My esteemed and valued peer, Girard, writes, ‘If left unappeased, violence will accumulate until it overflows its confines and floods the surrounding area. The role of sacrifice is to redirect violence into ‘proper’ channels. The scapegoat, so called to bring to mind the lamb substituted by Abraham in place of his son, I suggest, is a willing participant in the event, demonstrating God’s love in becoming the locus for societies’ fears and hatred and dispelling them without causing greater harm, rather than a victim of a functional, carnivalesque release of social tension. It is a sacred act, a cultural ritual affording a transcendent proximity to Christ’s passion, and yet ambivalent, for Christ died so that we might not.
She closed the book and he stood there for a beat, his father’s words, her voice fading slowly like tobacco smoke. ‘Have you read it?’ She turned the book over and stroked the back cover.
‘No, not all of it.’
‘Why not?

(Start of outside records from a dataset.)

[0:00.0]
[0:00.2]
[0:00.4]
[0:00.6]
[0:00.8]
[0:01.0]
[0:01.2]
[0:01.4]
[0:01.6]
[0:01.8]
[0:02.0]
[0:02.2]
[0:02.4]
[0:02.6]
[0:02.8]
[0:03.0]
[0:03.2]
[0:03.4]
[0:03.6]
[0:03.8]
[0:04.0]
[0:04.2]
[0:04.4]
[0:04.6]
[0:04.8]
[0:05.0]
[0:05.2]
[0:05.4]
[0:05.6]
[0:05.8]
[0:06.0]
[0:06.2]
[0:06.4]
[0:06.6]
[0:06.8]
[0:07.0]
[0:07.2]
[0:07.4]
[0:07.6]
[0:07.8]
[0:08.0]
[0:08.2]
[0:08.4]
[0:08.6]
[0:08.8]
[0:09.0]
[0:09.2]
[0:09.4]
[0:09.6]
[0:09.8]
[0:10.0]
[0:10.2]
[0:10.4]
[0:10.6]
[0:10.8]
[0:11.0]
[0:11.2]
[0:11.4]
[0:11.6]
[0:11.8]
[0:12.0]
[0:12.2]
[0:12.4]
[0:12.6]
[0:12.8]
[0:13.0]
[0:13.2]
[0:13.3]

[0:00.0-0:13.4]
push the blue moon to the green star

Your dad wrote it. You should read it.’
‘I don’t know. It’s not my kind of thing.’
‘How do you know if you haven’t read it?’ She shifted her weight onto one leg and drew the other foot in, like a dancer preparing for a step.
‘It’s complicated. All the God talk.’
‘What does your mum think?’
‘About the book?’
‘About the God stuff.’
‘We still go to church sometimes. She thought Dad’s missionary work was arrogant and colonial, going off to Africa and India and imposing the Bible and the stories of Jesus and Mary on people with perfectly good stories of their own. Anyway, that’s what she says.’

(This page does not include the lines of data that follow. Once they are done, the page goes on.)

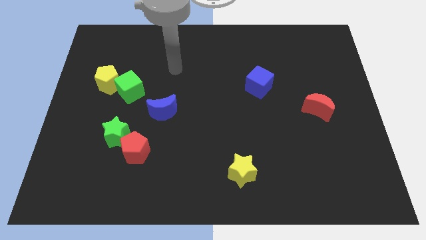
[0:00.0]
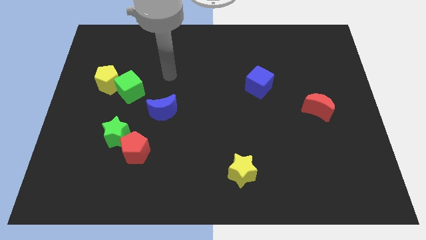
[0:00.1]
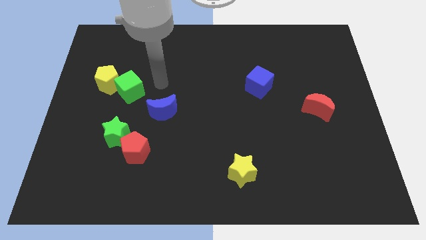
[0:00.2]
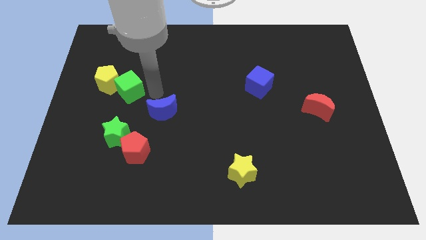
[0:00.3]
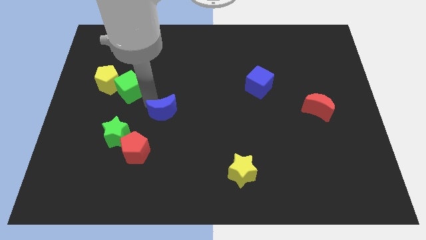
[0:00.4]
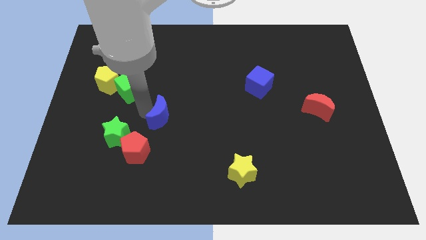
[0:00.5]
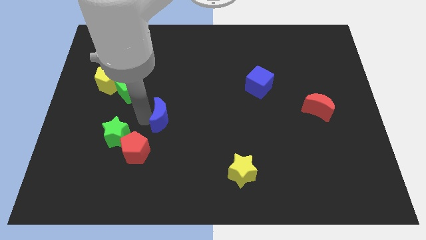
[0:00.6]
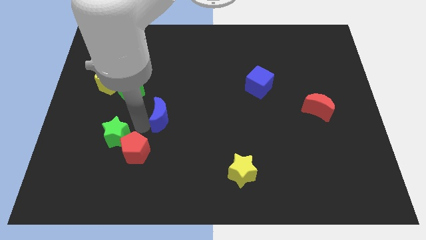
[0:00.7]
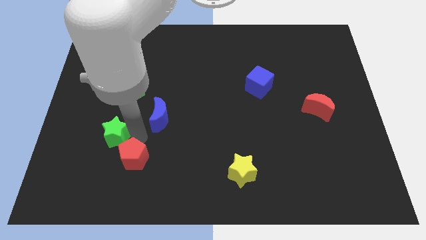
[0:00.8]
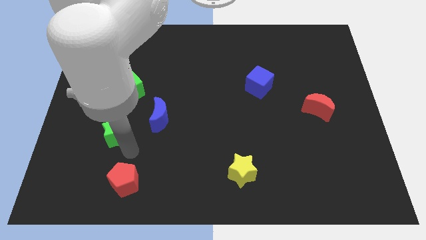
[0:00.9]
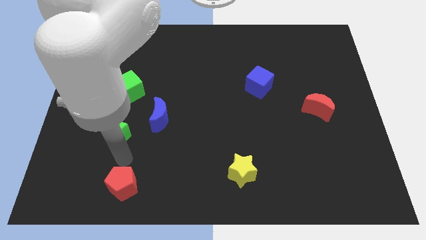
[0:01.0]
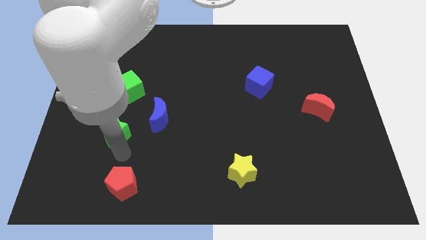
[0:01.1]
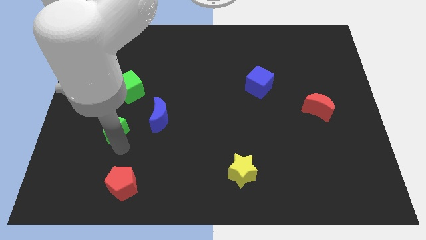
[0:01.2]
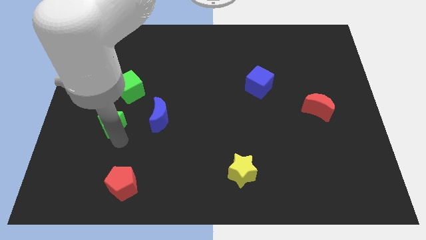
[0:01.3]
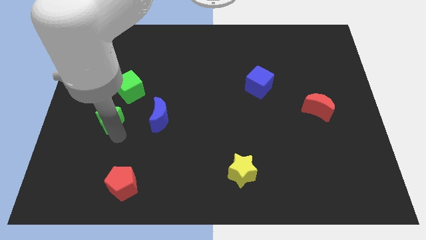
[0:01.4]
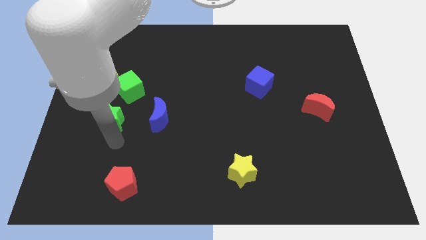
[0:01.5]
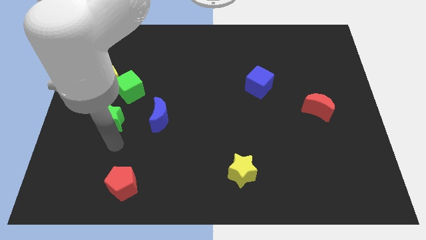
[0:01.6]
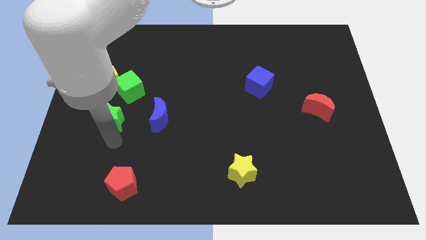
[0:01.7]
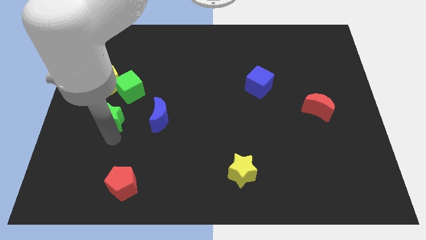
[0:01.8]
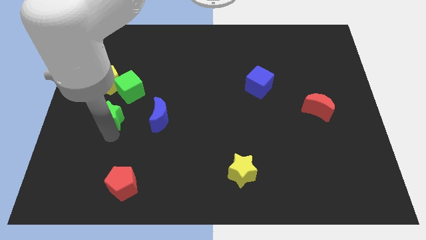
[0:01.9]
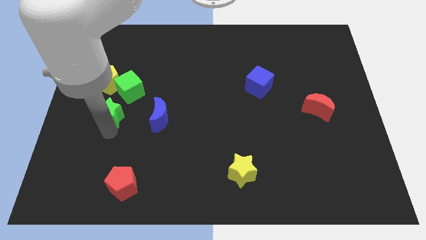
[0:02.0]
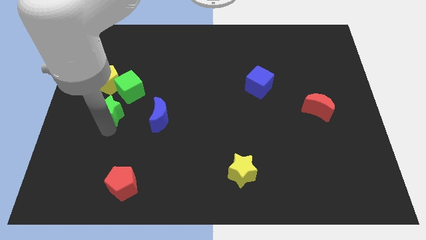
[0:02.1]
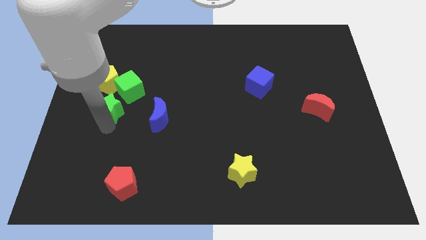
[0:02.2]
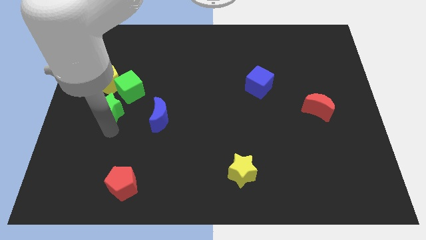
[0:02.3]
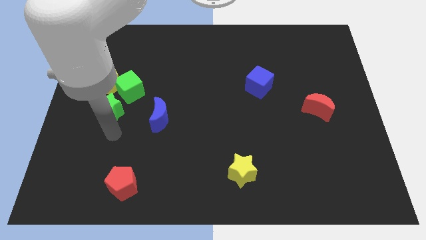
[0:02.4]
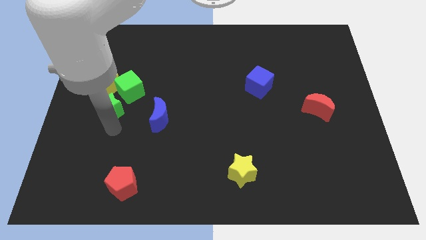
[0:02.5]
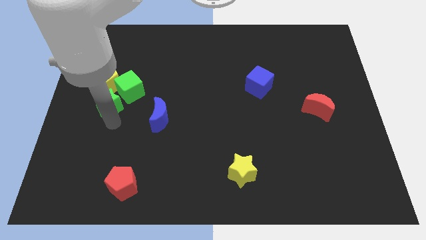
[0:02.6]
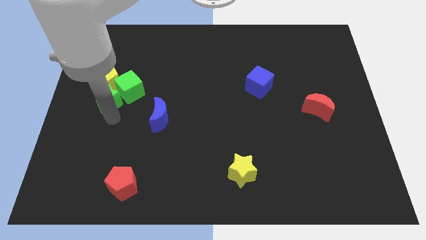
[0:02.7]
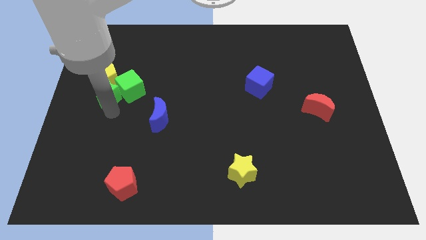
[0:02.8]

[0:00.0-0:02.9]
push the green star towards the yellow pentagon

She tilted her chin a fraction, encouraging him to keep talking but he didn’t know what else to say. ‘Well, it’s not for me. All that talk of sin and saving people from themselves, sitting in judgment and ain’t that supposed to be a sin? Contradictions and lies.’ She handed him the book. ‘You should be proud of your dad though: at least he tried to do what he thought was right.’
‘Maybe.’ He slid the book back in its
place.
‘How did he die?’
‘Malaria. Caught on his missions, or at least I think so. I just remember him getting sicker and sicker and then just not being there. It’s not really talked about. My mum gets upset.’
‘Yeah, that’s fair enough.’
‘What now?’ he said, changing the subject or trying to, clumsy and gangly in all respects.
She smiled. ‘Time I educate you, I reckon. Despite all these books you’ve got some serious gaps in your knowledge. Right, let’s start with the gavvers. The gavvers are the police, also known as the filth, pigs, rozzers. Best avoided at all costs. OK? Repeat after me. Gavvers. Come on, Gavvers…’
‘Gavvers,’ he croaked.
‘Filth, pigs, rozzers.’
‘Filth, pigs and rozzers.’
‘And they are?’
‘Best avoided?’
‘You catch on fast!’ She took his hand, and pulled him towards the door before releasing him, dropping his unpracticed hand. ‘Come on, I’m parched. I need a drink before your next lesson.’
In the kitchen she watched as he took the juice from the fridge and poured it into glasses, then wiped down the side with a cloth. With most people, being watched felt like an affront, as if they were trying to possess him, to catch him out, but when Melanie looked at Marcus like that, it didn’t feel sinister, there was no agenda: she was just giving him her full attention. It was unnerving but comforting; like being watched by God or one of his agents. But if he’d said that to her, she’d have laughed so hard that she’d have exploded snot from her nose. She did that sometimes, despite being as graceful as a ballerina.
‘Your mum never remarry then?’
‘How’d you know that?’
‘The photos on the desk: there’s a few family ones, ones of you and your dad, your mother, but they’re all from a while ago. You’re a little boy in the pictures. No updated ones, no one here to replace or be jealous of the past. Plus, in the hall there’s no men’s coats or nothing.’ She picked up her glass and gulped, wiping her mouth on the back of her hand. ‘That tastes good.’